There are four things that we need to keep track of in order to understand what our Brainf*ck program is doing. These are:

  • Input Stream: This is similar to other programming languages and text-based programs. This stream is STDIN on Linux systems, and is the same place that the text from a Python input() statement comes from.
  • Output Stream: This is also like any other programming language. It is STDOUT on Linux systems, and is accessed by the print() statement in Python.
  • Program Tape: We can think of this as an array of instructions. Each instruction in Brainf*ck is a single character, like <, >, or +. These instructions are stored in an array, and can be indexed by a "Program Counter" which we control.
  • Memory Tape: This is simply an array of characters which our program can manipulate. It is similar to memory in other programming languages, except with fewer operations we can perform on it. This array is accessed by a "Data Pointer", which we control.

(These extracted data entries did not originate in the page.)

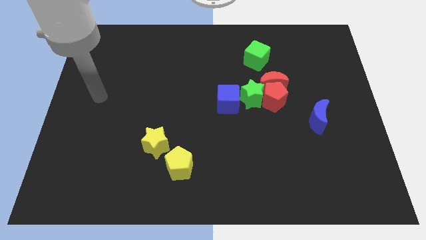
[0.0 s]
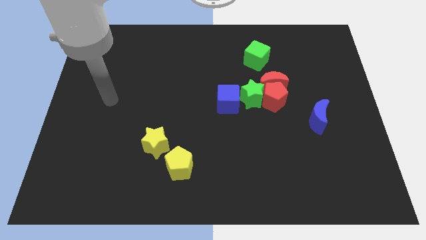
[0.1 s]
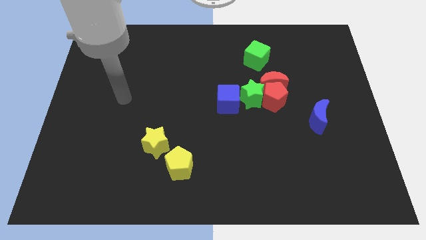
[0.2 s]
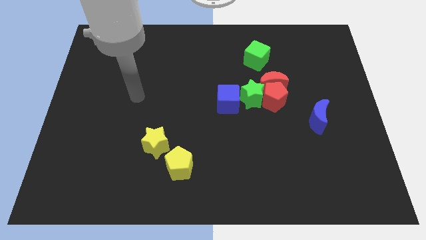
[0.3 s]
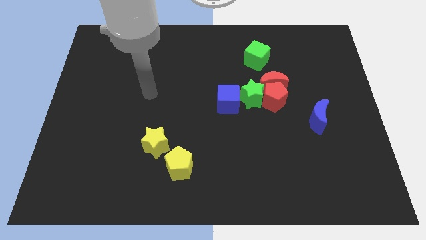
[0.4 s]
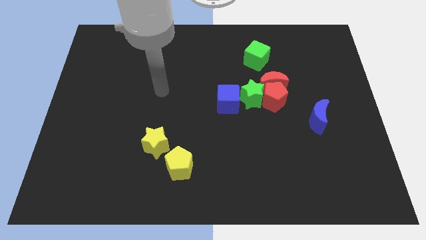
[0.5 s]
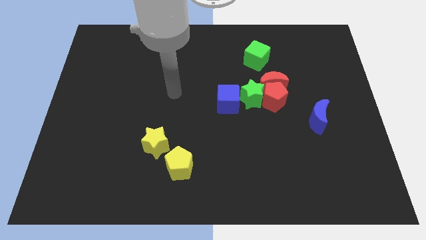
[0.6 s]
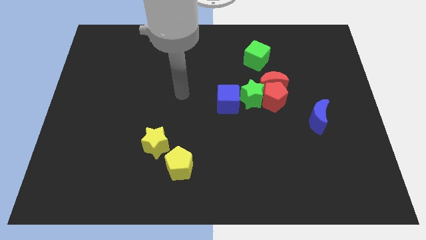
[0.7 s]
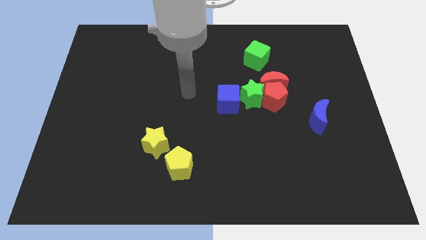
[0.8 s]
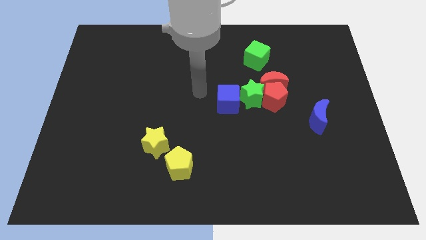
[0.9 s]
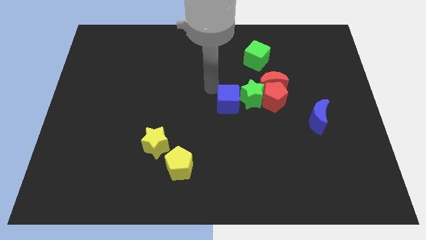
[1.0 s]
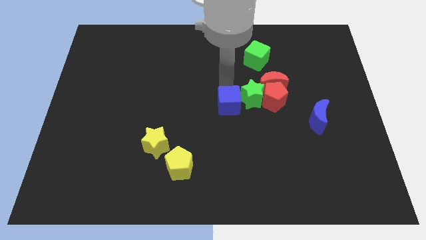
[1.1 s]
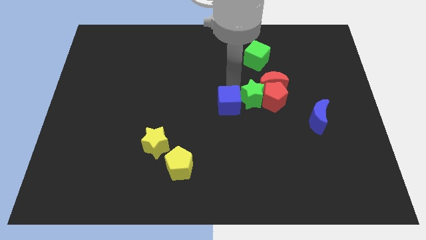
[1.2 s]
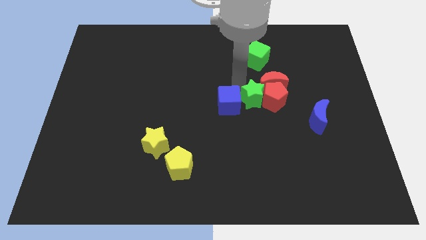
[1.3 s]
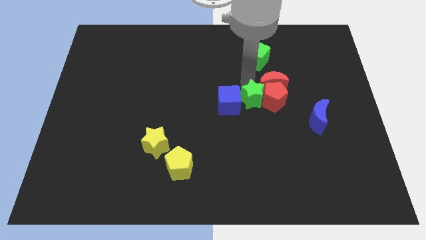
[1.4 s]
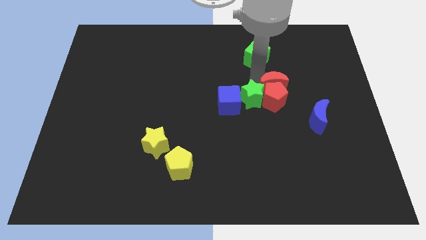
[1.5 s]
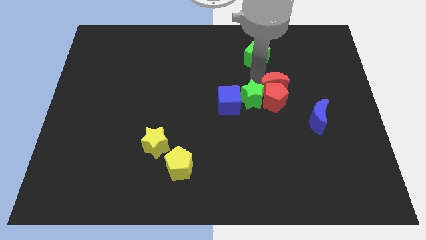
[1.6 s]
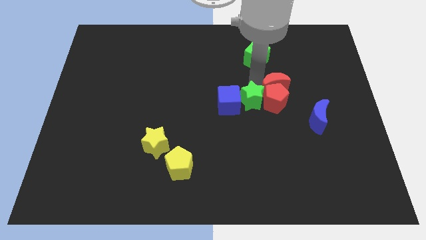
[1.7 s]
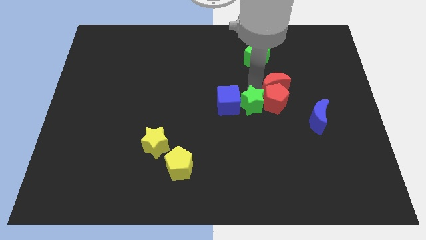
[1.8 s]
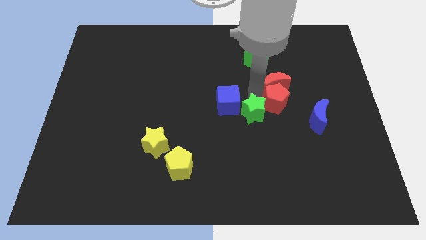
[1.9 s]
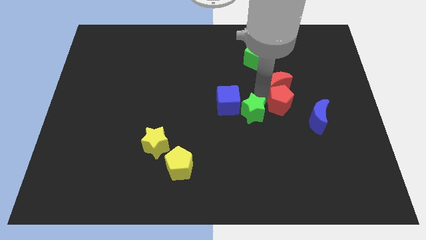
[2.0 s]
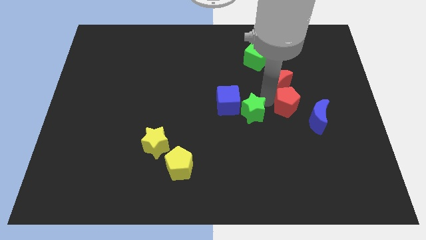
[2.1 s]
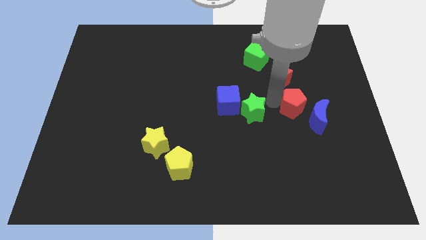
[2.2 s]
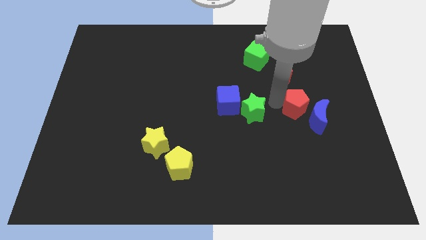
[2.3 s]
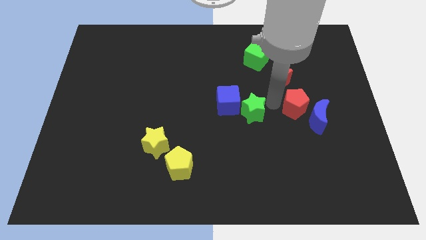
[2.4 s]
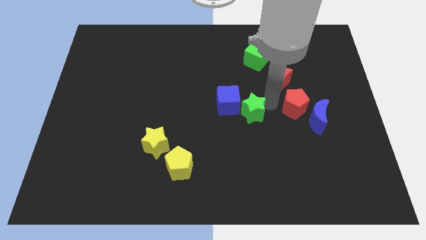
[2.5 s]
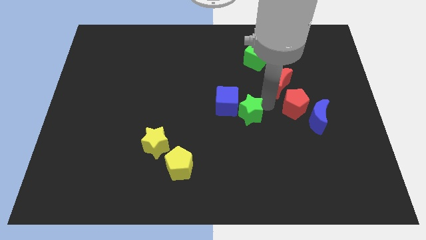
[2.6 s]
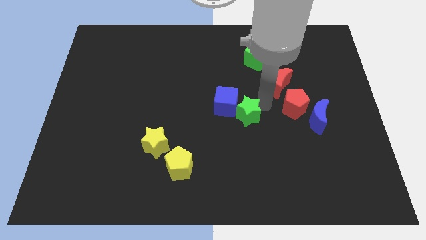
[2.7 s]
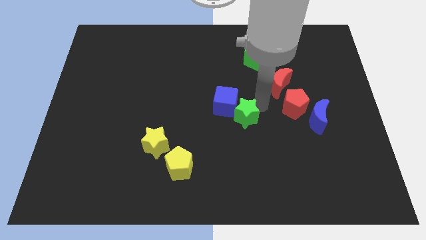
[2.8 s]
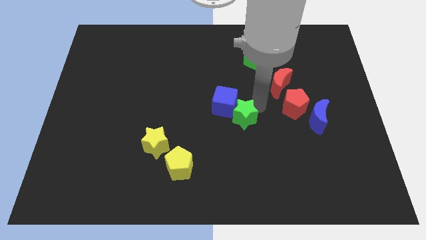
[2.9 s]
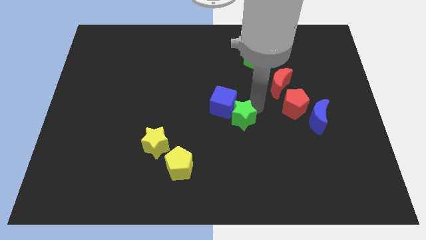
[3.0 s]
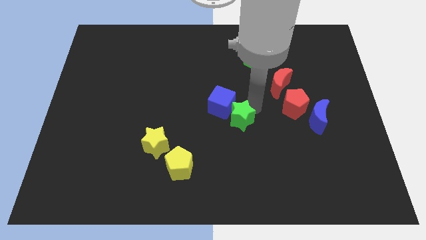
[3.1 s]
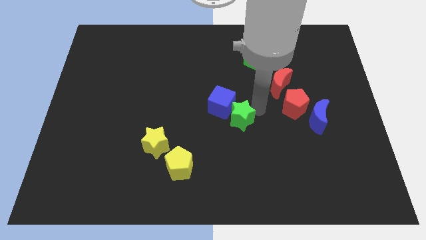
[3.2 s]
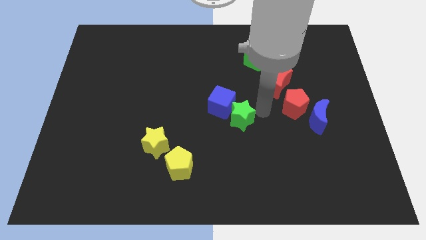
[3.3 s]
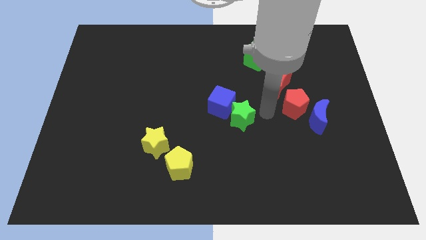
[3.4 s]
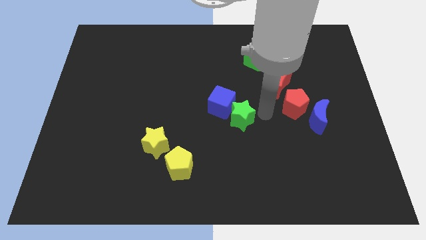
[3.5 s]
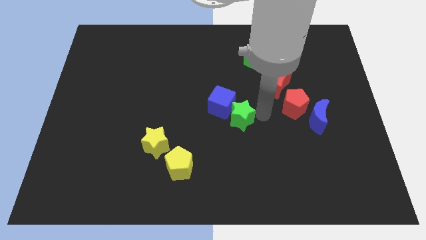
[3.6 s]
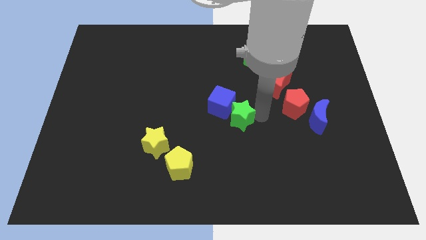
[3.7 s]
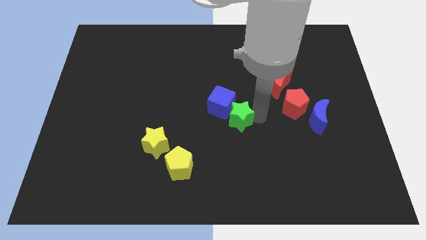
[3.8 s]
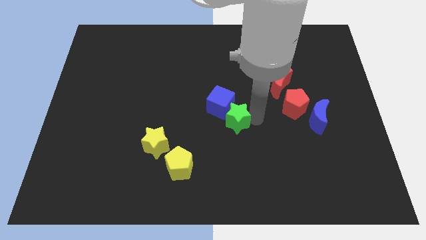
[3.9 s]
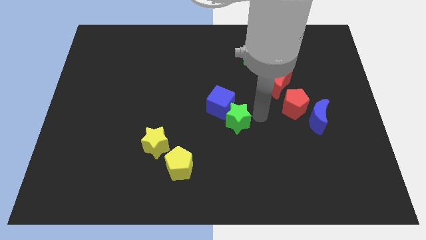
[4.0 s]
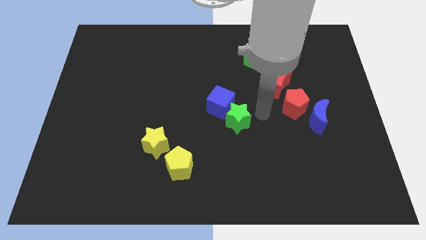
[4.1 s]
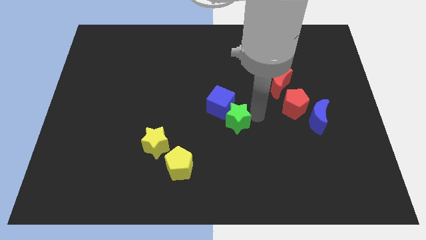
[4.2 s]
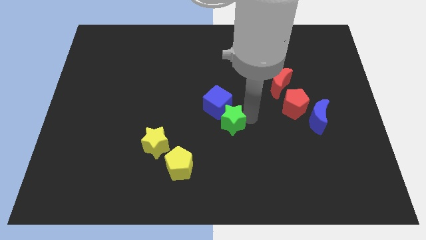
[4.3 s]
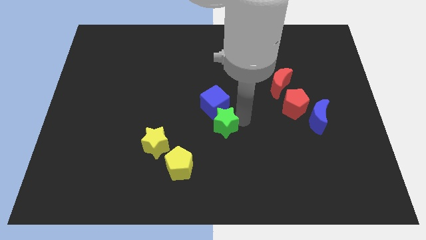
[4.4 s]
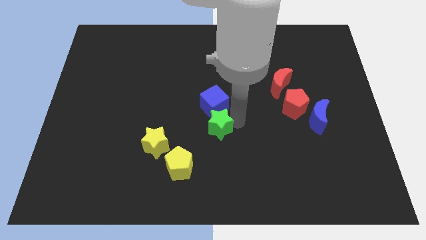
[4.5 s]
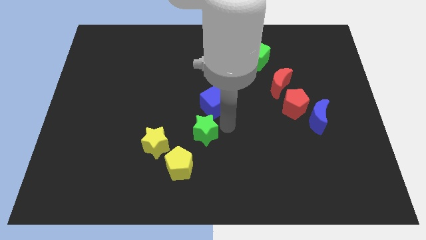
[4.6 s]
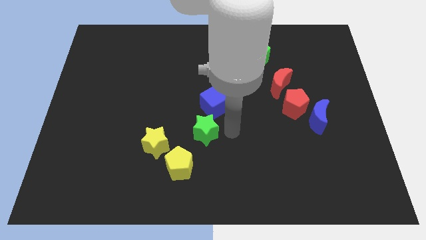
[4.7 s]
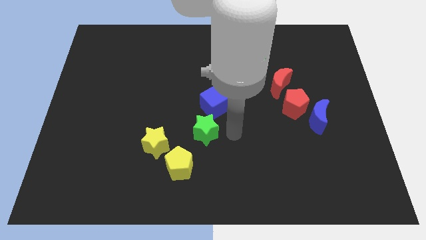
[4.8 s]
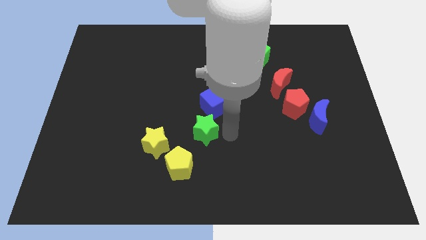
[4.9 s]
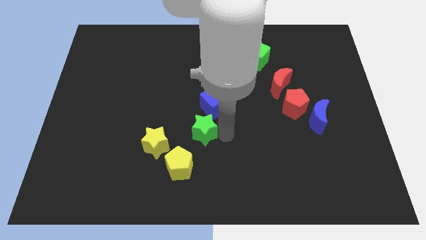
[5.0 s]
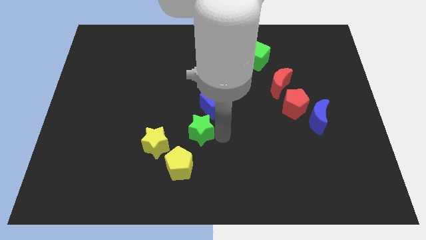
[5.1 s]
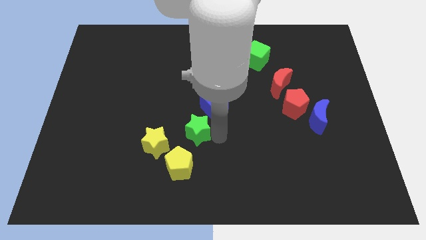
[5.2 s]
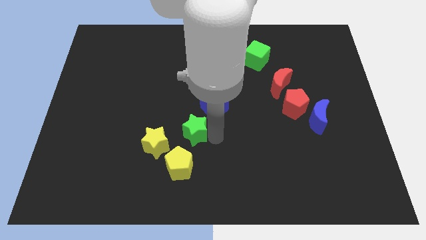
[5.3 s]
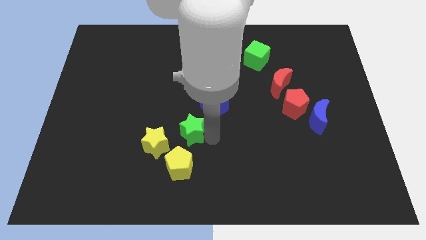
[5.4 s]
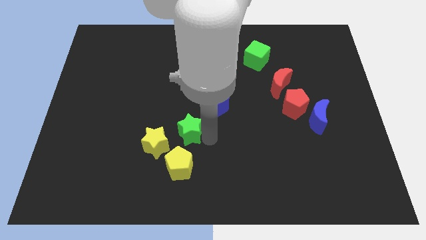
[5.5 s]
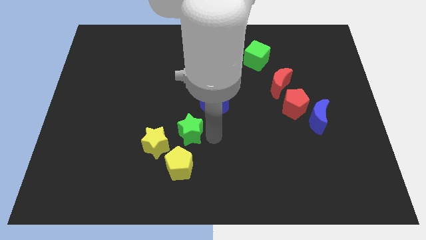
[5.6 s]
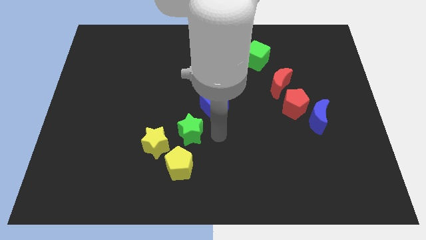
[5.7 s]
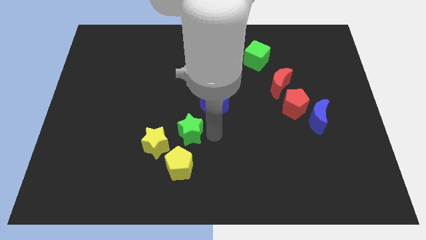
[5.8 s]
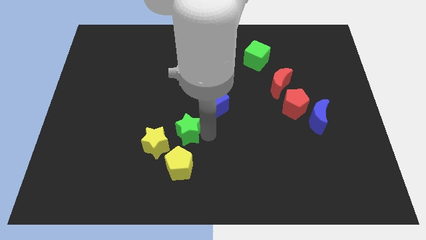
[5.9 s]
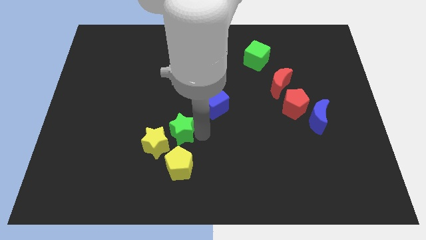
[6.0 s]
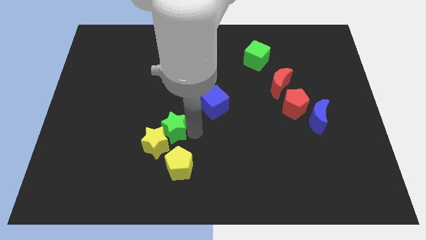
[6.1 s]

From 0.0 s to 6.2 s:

Next, let's go over the instructions that make up the Brainf*ck language.

  • >: This instruction increments the data pointer, which allows us to access the next element in the memory tape.
  • <: This instruction decrements the data pointer, which allows us to access the previous element in the memory tape.
  • +: This instruction increments the current item in the memory tape. The memory tape consists of 8-bit ASCII characters, so incrementing "a" would turn it into "b".
  • -: This instruction does the reverse of +, decrementing the value of the current character.
  • .: This instruction outputs the current character in the memory tape to the output stream.
  • ,: This instruction reads in a character from the input stream and writes it to the current character in the memory tape.
  • [: This instruction checks the current item in the memory tape. If that item is zero, it will jump forward to the matching ].
  • ]: This instruction does the opposite of [. If the item on the memory tape is non-zero, it jumps back to the matching [. Otherwise, it does nothing.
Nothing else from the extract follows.